Five years after the bombing on April 19, 2000, then President Bill Clinton dedicated the Oklahoma City National Memorial. It includes a reflecting pool in the middle of two large gates, one inscribed with the time 9:01, the other with 9:03, with the pool representing the moment of the blast. There is also a field of symbolic bronze and stone chairs, one for each person lost in the bombing and arranged according to what floor of the building they were on. The chairs represent the empty chairs at the dinner tables of the victims’ families, with the childrens’ seats being smaller than those of the adults lost. On the opposite side is the “survivor tree”, part of the building’s original landscaping that survived the blast and fires that followed it. Every year, services are held at 9:02 am, the time of the blast, and 168 seconds of silence are observed, one second for each person lost in the bombing.

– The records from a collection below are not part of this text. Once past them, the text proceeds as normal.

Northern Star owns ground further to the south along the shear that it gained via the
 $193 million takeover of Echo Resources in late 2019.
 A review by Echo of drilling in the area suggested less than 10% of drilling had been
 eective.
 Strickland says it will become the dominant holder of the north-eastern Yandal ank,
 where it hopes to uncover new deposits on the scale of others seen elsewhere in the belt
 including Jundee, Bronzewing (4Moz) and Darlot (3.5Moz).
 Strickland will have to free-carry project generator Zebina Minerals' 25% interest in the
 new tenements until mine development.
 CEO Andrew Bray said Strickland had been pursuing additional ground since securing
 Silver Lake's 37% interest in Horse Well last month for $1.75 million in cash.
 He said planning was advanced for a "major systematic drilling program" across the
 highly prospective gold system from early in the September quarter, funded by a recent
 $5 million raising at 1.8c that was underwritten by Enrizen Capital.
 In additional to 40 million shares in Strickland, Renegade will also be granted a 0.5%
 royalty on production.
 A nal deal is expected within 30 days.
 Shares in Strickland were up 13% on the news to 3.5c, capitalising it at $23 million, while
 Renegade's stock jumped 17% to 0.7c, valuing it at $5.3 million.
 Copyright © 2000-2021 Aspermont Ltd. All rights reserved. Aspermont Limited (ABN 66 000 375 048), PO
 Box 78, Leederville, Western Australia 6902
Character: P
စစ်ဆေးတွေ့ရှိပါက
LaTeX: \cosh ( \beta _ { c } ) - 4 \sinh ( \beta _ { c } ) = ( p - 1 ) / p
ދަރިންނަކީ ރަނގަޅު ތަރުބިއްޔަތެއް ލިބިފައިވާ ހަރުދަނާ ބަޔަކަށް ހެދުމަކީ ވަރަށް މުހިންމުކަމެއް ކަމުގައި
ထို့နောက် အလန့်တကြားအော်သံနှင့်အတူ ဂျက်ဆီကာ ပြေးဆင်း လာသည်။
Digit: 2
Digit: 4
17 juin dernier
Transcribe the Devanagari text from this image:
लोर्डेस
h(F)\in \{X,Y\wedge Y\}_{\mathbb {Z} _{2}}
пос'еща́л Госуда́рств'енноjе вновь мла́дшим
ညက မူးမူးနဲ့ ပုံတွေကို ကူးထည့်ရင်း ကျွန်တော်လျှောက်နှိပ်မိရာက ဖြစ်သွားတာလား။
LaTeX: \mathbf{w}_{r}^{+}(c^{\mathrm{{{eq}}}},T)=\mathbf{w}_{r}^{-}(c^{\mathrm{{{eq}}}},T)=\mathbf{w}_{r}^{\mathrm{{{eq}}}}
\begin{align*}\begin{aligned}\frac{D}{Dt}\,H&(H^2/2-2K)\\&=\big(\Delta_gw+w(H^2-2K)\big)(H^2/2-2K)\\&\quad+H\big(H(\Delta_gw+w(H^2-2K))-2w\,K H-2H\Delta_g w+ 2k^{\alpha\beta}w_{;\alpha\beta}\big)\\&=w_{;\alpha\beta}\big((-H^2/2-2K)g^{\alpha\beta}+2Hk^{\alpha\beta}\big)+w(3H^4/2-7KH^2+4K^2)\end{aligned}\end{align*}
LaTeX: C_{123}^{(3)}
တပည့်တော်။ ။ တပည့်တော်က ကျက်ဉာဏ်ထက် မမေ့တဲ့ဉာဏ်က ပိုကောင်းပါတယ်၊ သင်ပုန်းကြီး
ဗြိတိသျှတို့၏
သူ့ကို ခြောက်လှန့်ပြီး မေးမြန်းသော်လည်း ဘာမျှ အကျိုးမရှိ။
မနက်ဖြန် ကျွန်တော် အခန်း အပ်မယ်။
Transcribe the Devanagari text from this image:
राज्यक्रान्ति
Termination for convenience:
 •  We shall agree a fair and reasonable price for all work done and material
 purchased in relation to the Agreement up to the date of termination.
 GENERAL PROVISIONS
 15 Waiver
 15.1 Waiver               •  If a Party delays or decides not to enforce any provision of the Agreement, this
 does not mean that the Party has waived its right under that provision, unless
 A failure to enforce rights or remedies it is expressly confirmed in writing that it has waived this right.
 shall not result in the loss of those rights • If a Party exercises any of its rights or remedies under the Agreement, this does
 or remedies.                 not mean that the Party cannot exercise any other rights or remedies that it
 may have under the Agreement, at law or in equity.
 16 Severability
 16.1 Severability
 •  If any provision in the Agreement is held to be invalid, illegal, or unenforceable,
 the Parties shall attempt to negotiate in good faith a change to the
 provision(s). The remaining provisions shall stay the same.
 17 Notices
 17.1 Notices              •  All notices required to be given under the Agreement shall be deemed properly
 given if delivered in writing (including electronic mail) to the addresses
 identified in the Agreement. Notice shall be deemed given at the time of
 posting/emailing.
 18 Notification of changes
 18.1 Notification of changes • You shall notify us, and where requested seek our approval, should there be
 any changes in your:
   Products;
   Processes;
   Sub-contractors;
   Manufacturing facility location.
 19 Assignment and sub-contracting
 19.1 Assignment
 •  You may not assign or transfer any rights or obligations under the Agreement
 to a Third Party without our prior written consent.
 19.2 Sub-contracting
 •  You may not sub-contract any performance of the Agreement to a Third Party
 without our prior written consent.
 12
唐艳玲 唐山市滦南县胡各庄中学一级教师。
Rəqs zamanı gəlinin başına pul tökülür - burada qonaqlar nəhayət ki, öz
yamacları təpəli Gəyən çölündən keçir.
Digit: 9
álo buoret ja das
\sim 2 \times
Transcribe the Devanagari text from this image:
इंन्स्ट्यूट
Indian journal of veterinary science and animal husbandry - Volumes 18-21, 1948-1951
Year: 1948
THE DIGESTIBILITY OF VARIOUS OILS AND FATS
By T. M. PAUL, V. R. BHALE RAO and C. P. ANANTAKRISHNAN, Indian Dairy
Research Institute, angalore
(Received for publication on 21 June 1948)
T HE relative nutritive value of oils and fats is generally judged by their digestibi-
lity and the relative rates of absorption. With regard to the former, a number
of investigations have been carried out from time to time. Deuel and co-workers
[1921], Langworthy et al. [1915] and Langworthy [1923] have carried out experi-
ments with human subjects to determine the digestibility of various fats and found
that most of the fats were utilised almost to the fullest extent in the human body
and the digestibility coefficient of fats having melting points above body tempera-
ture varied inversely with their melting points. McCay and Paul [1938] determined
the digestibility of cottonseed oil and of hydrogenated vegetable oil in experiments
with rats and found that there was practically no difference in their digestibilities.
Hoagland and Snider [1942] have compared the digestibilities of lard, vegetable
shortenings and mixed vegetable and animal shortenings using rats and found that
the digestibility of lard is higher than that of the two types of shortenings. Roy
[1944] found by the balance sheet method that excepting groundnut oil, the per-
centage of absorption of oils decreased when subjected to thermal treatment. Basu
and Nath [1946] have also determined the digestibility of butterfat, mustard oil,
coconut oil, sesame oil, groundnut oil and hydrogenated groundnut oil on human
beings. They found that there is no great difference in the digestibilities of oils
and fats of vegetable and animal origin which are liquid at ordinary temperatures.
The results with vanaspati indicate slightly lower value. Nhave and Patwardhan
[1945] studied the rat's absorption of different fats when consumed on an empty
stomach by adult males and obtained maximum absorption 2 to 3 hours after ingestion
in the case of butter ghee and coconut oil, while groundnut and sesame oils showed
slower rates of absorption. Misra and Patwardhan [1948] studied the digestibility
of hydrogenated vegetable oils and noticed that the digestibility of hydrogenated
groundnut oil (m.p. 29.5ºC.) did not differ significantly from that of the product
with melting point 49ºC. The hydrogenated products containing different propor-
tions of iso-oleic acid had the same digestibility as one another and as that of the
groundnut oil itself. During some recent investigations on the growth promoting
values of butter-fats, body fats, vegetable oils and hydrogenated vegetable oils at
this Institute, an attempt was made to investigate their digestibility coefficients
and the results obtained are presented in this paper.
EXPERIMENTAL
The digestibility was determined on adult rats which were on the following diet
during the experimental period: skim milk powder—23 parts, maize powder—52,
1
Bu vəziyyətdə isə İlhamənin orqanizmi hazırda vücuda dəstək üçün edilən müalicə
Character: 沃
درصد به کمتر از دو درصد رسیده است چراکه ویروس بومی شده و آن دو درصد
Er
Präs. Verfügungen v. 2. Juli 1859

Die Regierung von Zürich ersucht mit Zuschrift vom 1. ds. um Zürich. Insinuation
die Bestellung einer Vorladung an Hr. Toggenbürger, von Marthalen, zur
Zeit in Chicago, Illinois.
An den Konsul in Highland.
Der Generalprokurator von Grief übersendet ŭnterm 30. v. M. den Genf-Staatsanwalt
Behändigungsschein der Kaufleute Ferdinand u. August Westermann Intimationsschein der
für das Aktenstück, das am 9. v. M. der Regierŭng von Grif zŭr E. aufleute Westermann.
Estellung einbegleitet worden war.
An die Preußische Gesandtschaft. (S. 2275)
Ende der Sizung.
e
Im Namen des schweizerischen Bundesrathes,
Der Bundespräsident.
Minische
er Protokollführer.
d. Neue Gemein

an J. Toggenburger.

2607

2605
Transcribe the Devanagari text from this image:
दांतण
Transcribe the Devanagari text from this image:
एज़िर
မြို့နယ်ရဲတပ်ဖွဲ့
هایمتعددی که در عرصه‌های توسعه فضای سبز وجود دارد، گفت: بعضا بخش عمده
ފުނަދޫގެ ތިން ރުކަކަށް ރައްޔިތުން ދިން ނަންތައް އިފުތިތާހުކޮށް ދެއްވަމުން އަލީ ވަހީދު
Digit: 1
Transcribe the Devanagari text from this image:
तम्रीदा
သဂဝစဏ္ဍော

The Oklahoma City Bombing is a tragedy, 30 years later, the impact is the same. Hundreds of innocent lives were lost due to two men’s distaste of the federal government and this attack became and still is the deadliest act of domestic terrorism in U.S. history.
Current and former Oklahomains hurt the most, this happened on their land that they call home and their impact is more seismic than any other. Along with Columbine and the 9/11 terrorist attacks, these three tragedies led to new security upgrades on the ground and through the air.
“Being that I used to live in Oklahoma the bombings definitely impacted my family; my dad being in the Army got to see first-hand a lot of the new security upgrades that were implemented in city streets; and after 9/11, in airports as well,” junior Alexander Hady said.
As each minute passes by, Oklahoma City is still healing, the victims’ families are still healing, and every year on April 19th at 9:02 am they pause for 168 seconds and wonder, what if?